‘Clouds’

An Attic Comic-drama by Aristophanes

why you are here

 

This website is the result of my efforts to better understand what is perhaps the most thought-provoking of Aristophanes’ satires. I hope that its contents may prove useful to other students of Comedy and stimulate further examination of the many important topics raised by the play.

The Greek Text

A Commentary in English

Appendices (1-10)

Aristophanes’ theme in ‘Clouds’ was Athens’ judicial system, a subject of keen interest to his audience, both citizens and allies alike, for, in regulating relations between the citizens and in their oversight of state officials, the courts underpinned the rule of the Demos. In ‘Wasps’, the following year, Aristophanes would expose the risk to Democracy of partiality in juries, while here he concentrates his perceptive gaze upon the threat posed to the judgement of these same poorly-educated jurymen by specious arguments, made by practiced forensic speakers, which could lead to a perversion of justice.

Comedy operates at the interface between the Real and the Unreal and Aristophanes combined the factual landscape of contemporary, Athenian society with fictional characters drawn from his imagination.
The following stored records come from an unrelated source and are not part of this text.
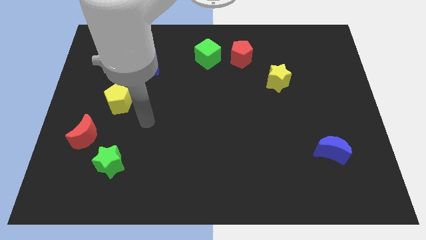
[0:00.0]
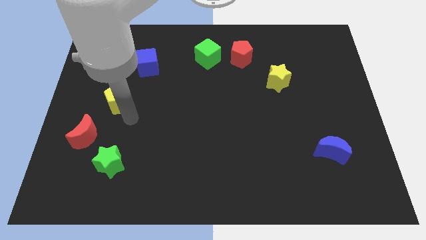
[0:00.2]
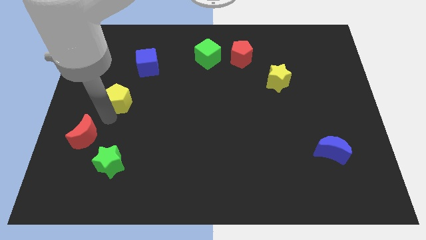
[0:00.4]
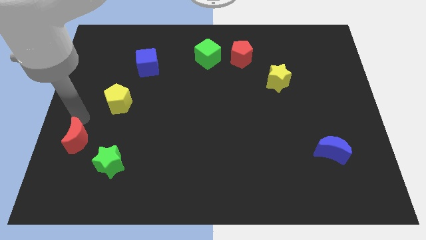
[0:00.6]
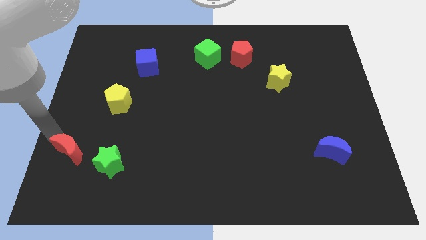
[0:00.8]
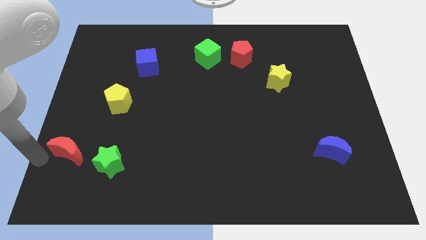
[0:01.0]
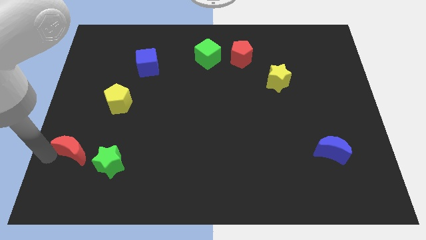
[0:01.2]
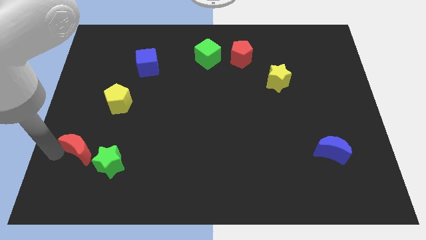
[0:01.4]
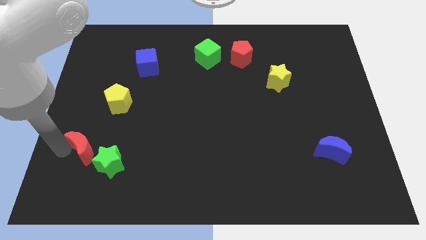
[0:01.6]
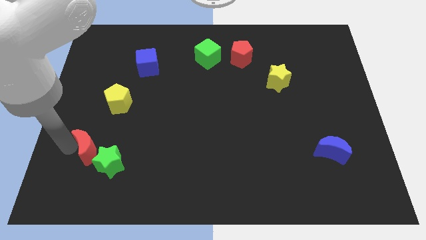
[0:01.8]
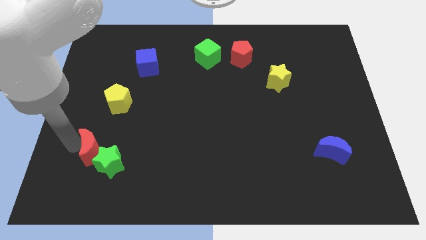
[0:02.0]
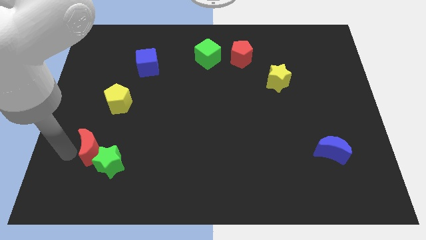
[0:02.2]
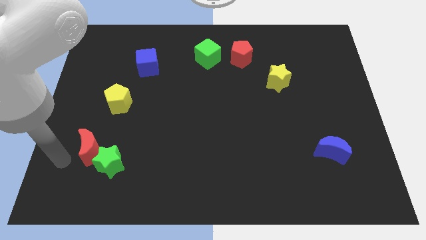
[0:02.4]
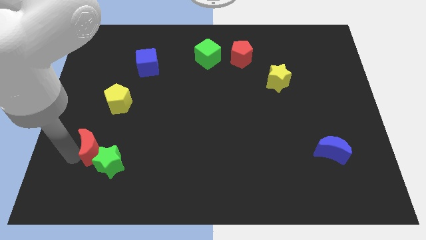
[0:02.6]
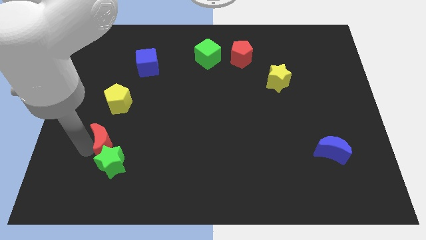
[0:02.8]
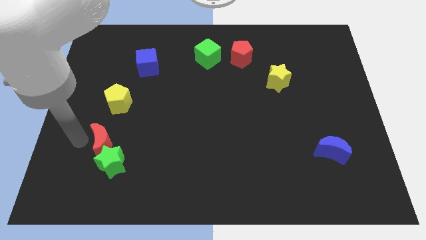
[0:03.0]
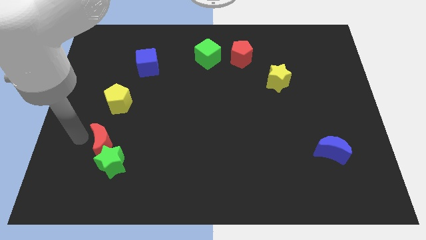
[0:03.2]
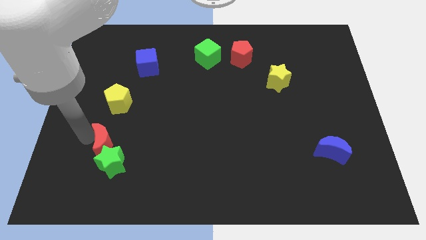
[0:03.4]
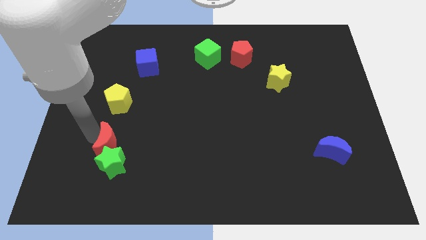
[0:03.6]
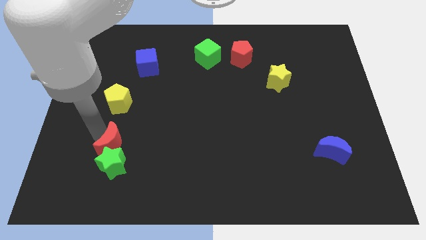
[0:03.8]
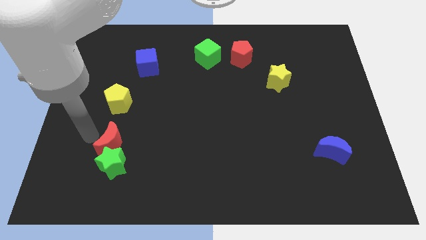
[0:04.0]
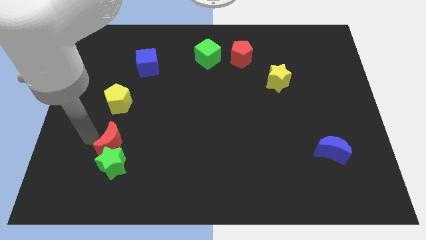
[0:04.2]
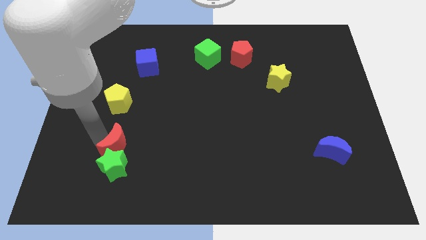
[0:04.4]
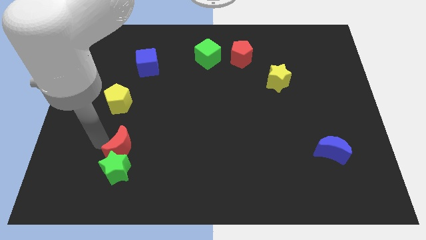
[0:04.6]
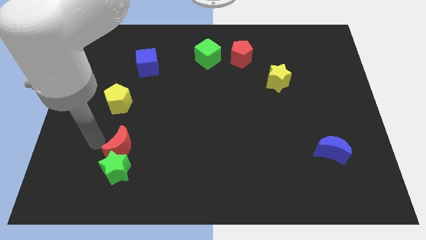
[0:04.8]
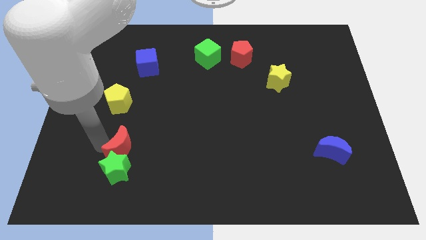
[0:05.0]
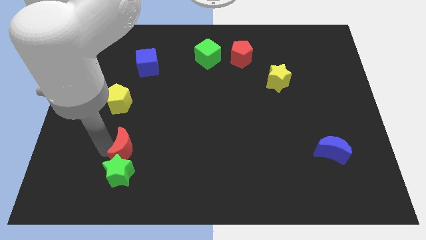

His protagonist in ‘Clouds’ is a representative figure of the prematurely-aged farmer, frugal with his hard-won resources, who finds his declining years blighted by a spend-thrift wife and prodigal son. Beset by the debts that they have incurred, the prospect of having to face legal action for their recovery robs him of sleep. But, in his dark night of misery there shines a faint ray of hope; that he might just be able to escape his likely financial ruin with the aid of a good lawyer.

So a ‘real’ character enters upon the stage of History as his prospective saviour and we meet for the first time the ‘philosopher’ Sokrates, in whose train will come the two competing sides of every argument. Over all will float the nebulous forms of airy notions and abstract concepts, the sovereign deities of law-court and public Assembly.

One of the most intriguing aspects of this comic-drama is the view that the extant text is not the original script of the play, which was performed in the drama-competition of 423 B.C. Instead, it is held to derive from a revised version of the play, which was never performed, but which seems to have been ‘published’ a few years later. This may mean that ‘Clouds’ is possibly the earliest-known attempt to introduce a theatrical work to a literary readership, which would perhaps help to explain why a play that flopped in performance has proved to be such an enduring success on the page.

This website comprises:

An English Translation

Caution:
The Attic comic-dramas of ‘Old’ Comedy were the product of a society that called a spade a spade, or as Aristophanes puts it, τὰ σῦκα σῦκα. It was an age before political correctness and self-censorship. Aristophanes wrote for an exclusively male audience, but if dear Reader you chance (through no fault of your own) to be of female gender (wholly or partly), despair not, for you too can now enjoy the innovative wit of this entertaining dramatist. All that is needed is for you to turn off your mobile communication-device for a little and anchor yourself in the moment. Then, if these pages have offended, just look away, and all is mended.